We can now get the distances between all *other* predators and the remaining
preys in the diet:

```
kept, lost = leave_one_prey_out(preys[1])
distances = [D(kept, p) for p in preys[2:end]];
```

The `distances`

array has the distance between the incomplete diet, and the
other (complete) ones. We now need to get the positions that correspond to the
closest *k* neighbors; let’s assume we use $k=5$:

```
k = 5
closest = partialsortperm(distances, 1:k)
```

```
5-element view(::Array{Int64,1}, 1:5) with eltype Int64:
1
6
8
9
12
```

At this point, were we doing a real research project, we could shuffle diets to avoid re-selecting the earliest ones, etc, but this will do for now. The closest neighbors diets are:

```
closest_diets = preys[2:end][closest]
```

```
5-element Array{Set{SubString{String}},1}:
Set(["405", "432", "392", "391"])
Set(["405", "432", "392", "391"])
Set(["405", "432", "392", "391"])
Set(["405", "432", "392", "391"])
Set(["405", "432", "392", "391"])
```

So, this is easy! Our species of interest has 5 closest neighbors with the same diet.
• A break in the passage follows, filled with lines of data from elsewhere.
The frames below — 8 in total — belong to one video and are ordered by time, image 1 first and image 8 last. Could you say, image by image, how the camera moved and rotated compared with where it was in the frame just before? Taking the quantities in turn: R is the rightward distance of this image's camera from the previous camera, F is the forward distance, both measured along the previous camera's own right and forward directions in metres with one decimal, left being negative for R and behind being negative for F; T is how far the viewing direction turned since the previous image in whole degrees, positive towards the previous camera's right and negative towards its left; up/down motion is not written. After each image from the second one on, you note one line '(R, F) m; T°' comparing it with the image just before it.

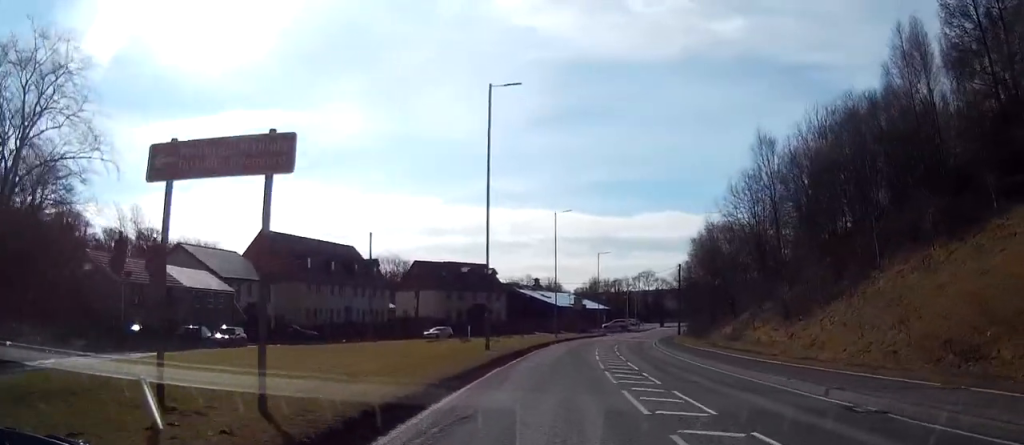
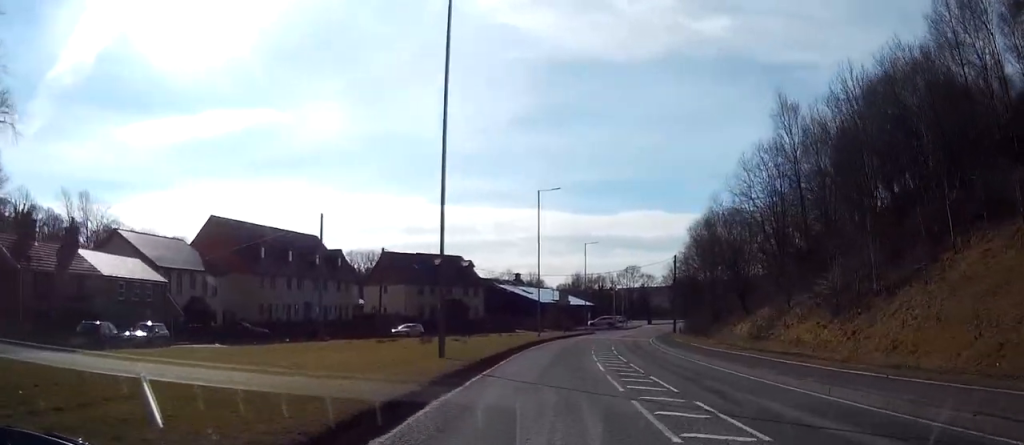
(0.0, +9.2) m; +6°
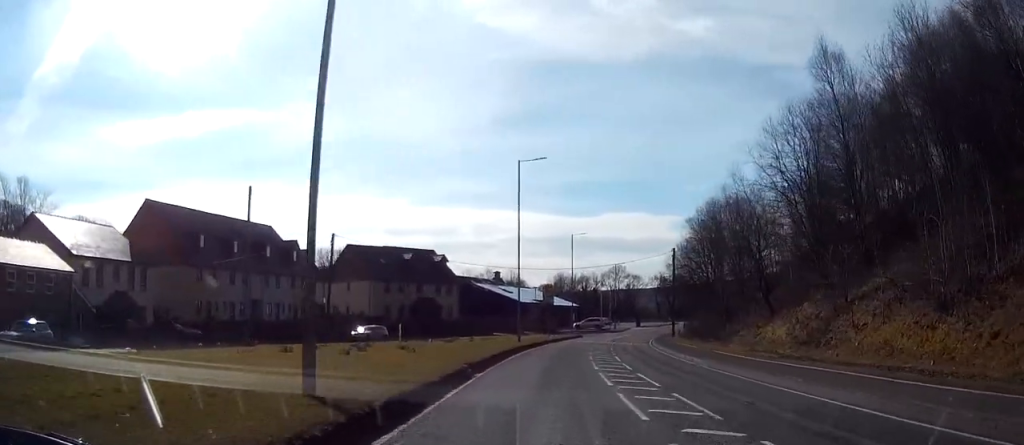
(+0.9, +10.3) m; +4°
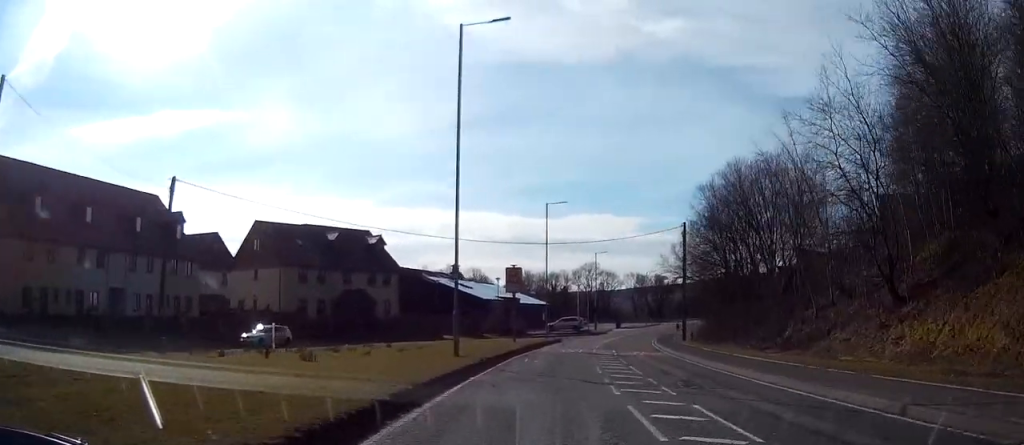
(-0.2, +20.8) m; -3°
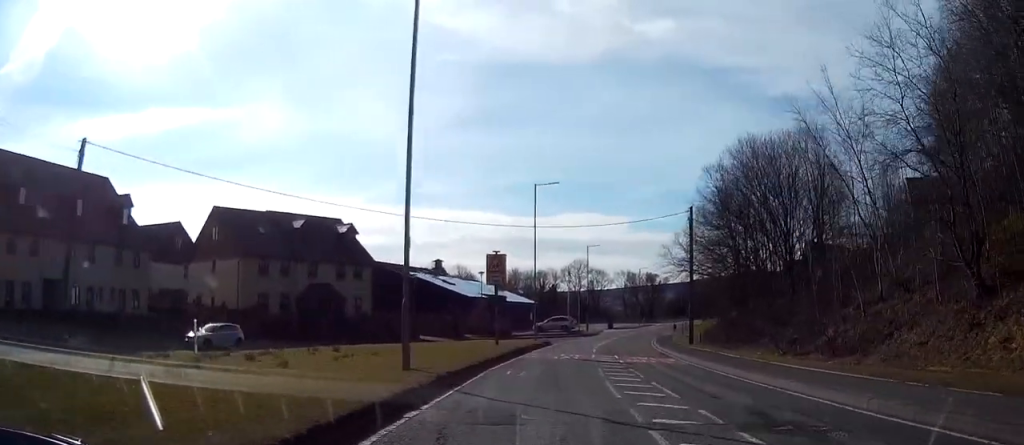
(+0.1, +6.9) m; 0°
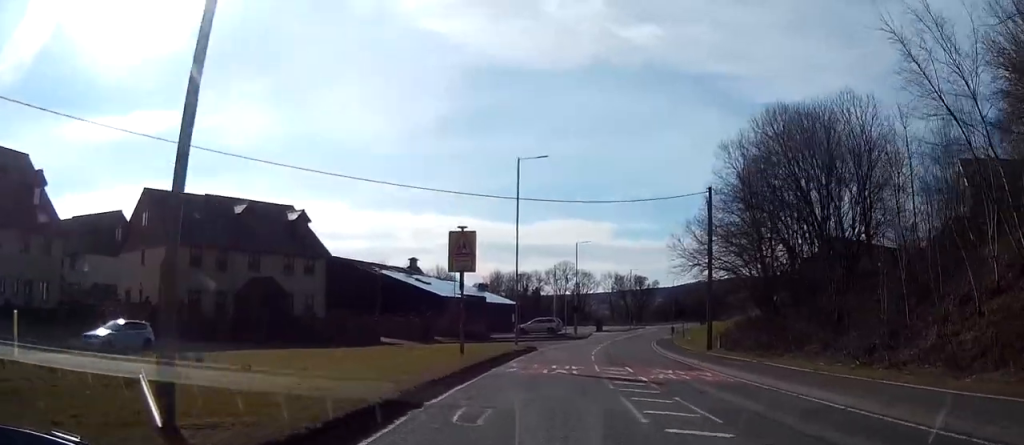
(0.0, +9.8) m; +1°
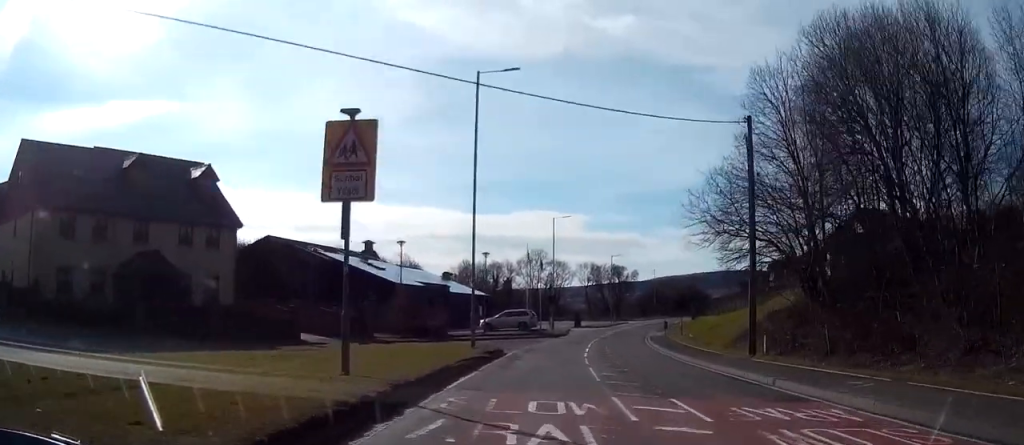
(+0.3, +12.9) m; +3°
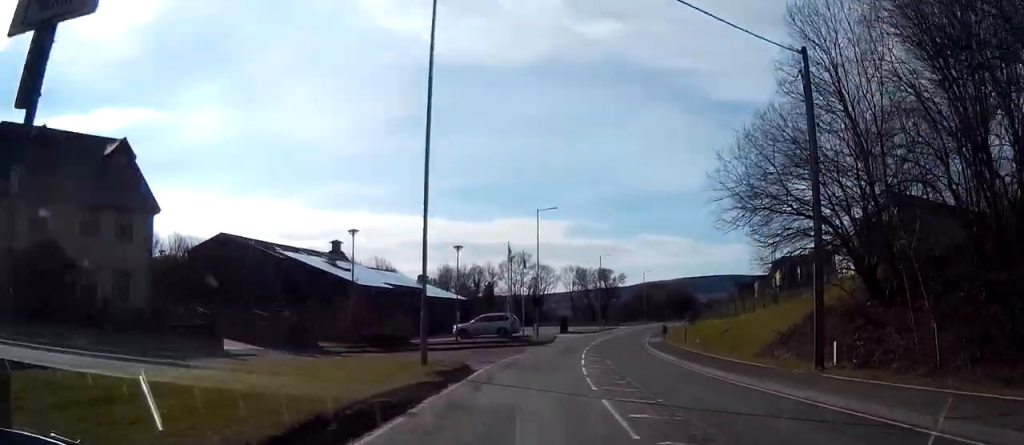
(+0.3, +8.6) m; +2°

To see which one we would recommend, let’s still write some code to count their frequencies:

```
recommendations = StatsBase.countmap(vcat(collect.(closest_diets)...))
```

```
Dict{SubString{String},Int64} with 4 entries:
"405" => 5
"432" => 5
"392" => 5
"391" => 5
```

At this point, a common question is *How often would the correct species be
recommended in the top $n$ choices*? So let’s be crafty:

```
n = 5
picks = zeros(Bool, n)
for rec_number in 1:n
if length(recommendations) > 0
# We pick the group with the most votes
cmax = filter(f -> f.second == maximum(values(recommendations)), recommendations)
# Then we check if the species we removed is in it
picks[rec_number] = lost in collect(keys(cmax))
# Finally we remove all preys with the most vote
filter!(f -> f.second < maximum(values(recommendations)), recommendations)
end
end
```

If the correct prey was found, then the `picks`

array will have a non-false
value somewhere, so we can say that a success in prediction is when:

```
any(picks)
```

```
true
```

Let’s now wrap this up into a function, for the entire dataset:

```
function dinnertime(preys; k::Int64=3, n::Int64=5)
@assert 1 ≤ k ≤ (length(preys)-1)
@assert 1 ≤ n ≤ 20 # This is arbitrary
success = zeros(Bool, length(preys))
for (i,diet) in enumerate(preys)
kept, lost = leave_one_prey_out(diet)
other_preys = preys[filter(idx -> idx ≠ i, 1:length(preys))]
distances = [D(kept, p) for p in other_preys]
closest = partialsortperm(distances, 1:k)
closest_diets = other_preys[closest]
recommendations = StatsBase.countmap(vcat(collect.(closest_diets)...))
picks = zeros(Bool, n)
for rec_number in 1:n
if length(recommendations) > 0
# We pick the group with the most votes
cmax = filter(f -> f.second == maximum(values(recommendations)), recommendations)
# Then we check if the species we removed is in it
picks[rec_number] = lost in collect(keys(cmax))
# Finally we remove all preys with the most vote
filter!(f -> f.second < maximum(values(recommendations)), recommendations)
end
end
success[i] = any(picks)
end
return sum(success)/length(success)
end
```

```
dinnertime (generic function with 1 method)
```

Let’s now try this, with the default of $k=3$ and the top 5 votes:

```
dinnertime(preys)
```

```
0.8688046647230321
```

**And that’s it**! There are a bunch of things we would want to fix to actually
*use this - yet, with only three neighbors, we can recommend the correct preys
*amongst the first five picks about 85% of the time. As we discuss in
*@DesjLaig17, things get even better when we use some information on traits, but
*there is an impressive amount of information stored in the networks themselves.
*And extracting it takes about a dozen lines of code.